**EXERCISE MATERIAL:**
---
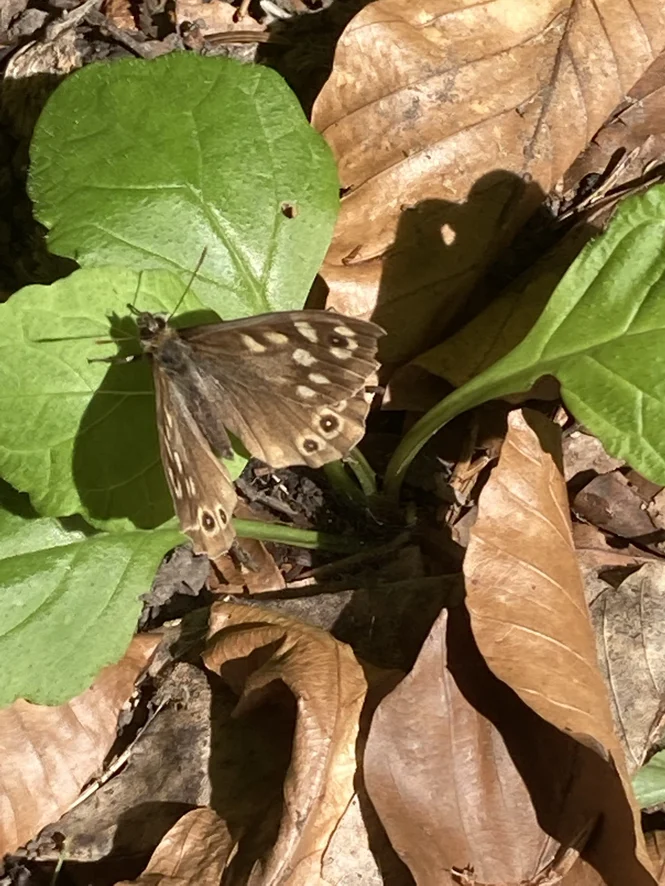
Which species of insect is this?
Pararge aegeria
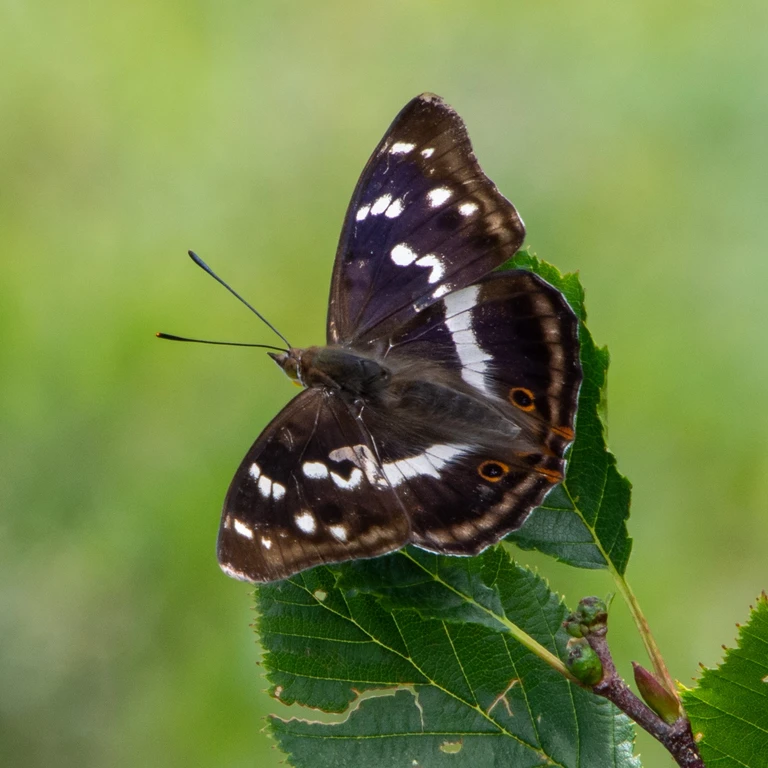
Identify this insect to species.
---
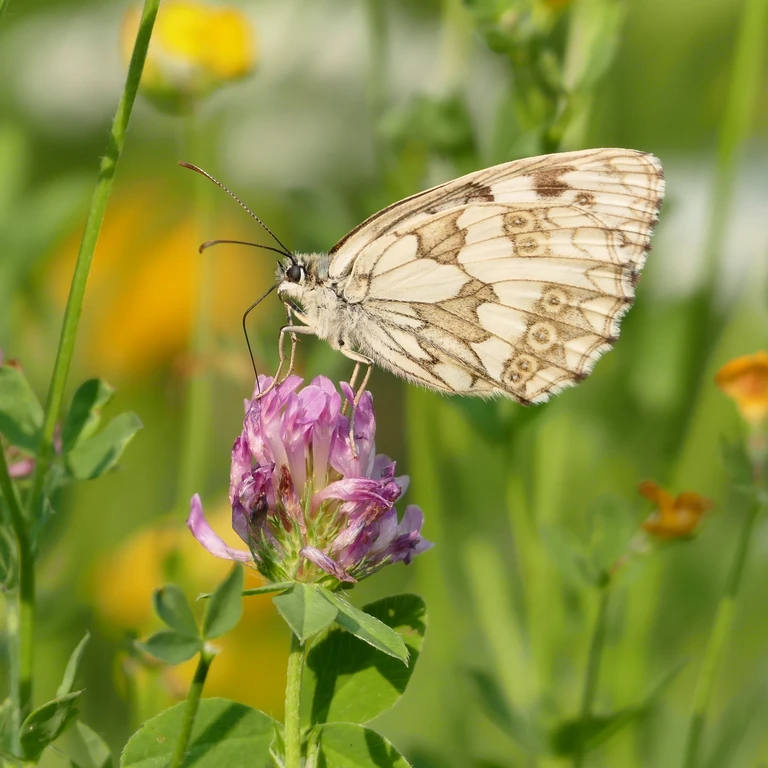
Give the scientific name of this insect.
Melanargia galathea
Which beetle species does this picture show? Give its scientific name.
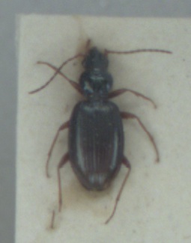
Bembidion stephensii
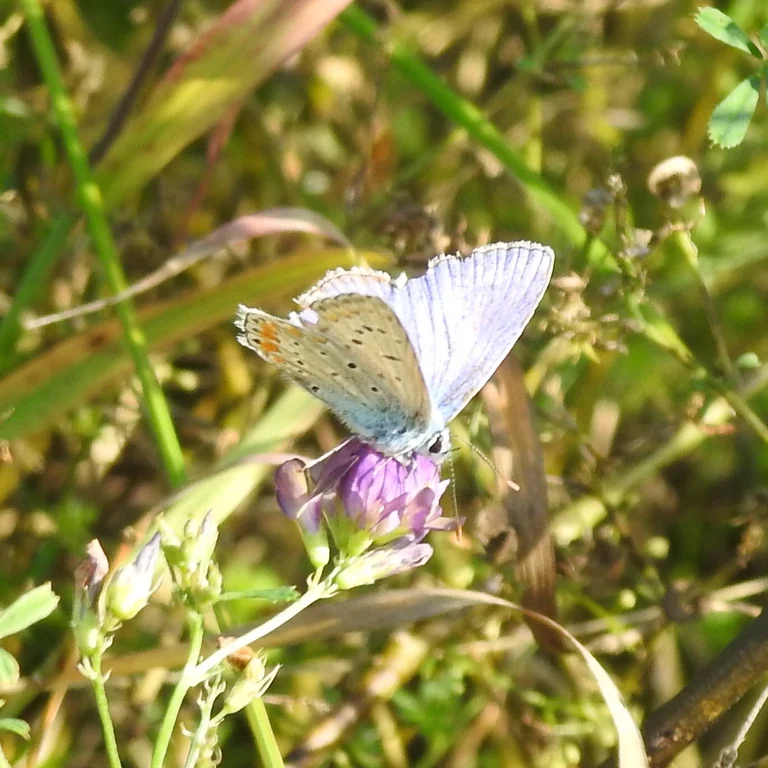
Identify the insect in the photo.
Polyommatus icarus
---
**REQUIREMENT:** Above are the records. Copy only the lines from the one with "Which species of insect is this?" through the one with "Identify this insect to species.", exactly, with no pictures.

**RESPONSE AREA:**
Which species of insect is this?
Pararge aegeria
Identify this insect to species.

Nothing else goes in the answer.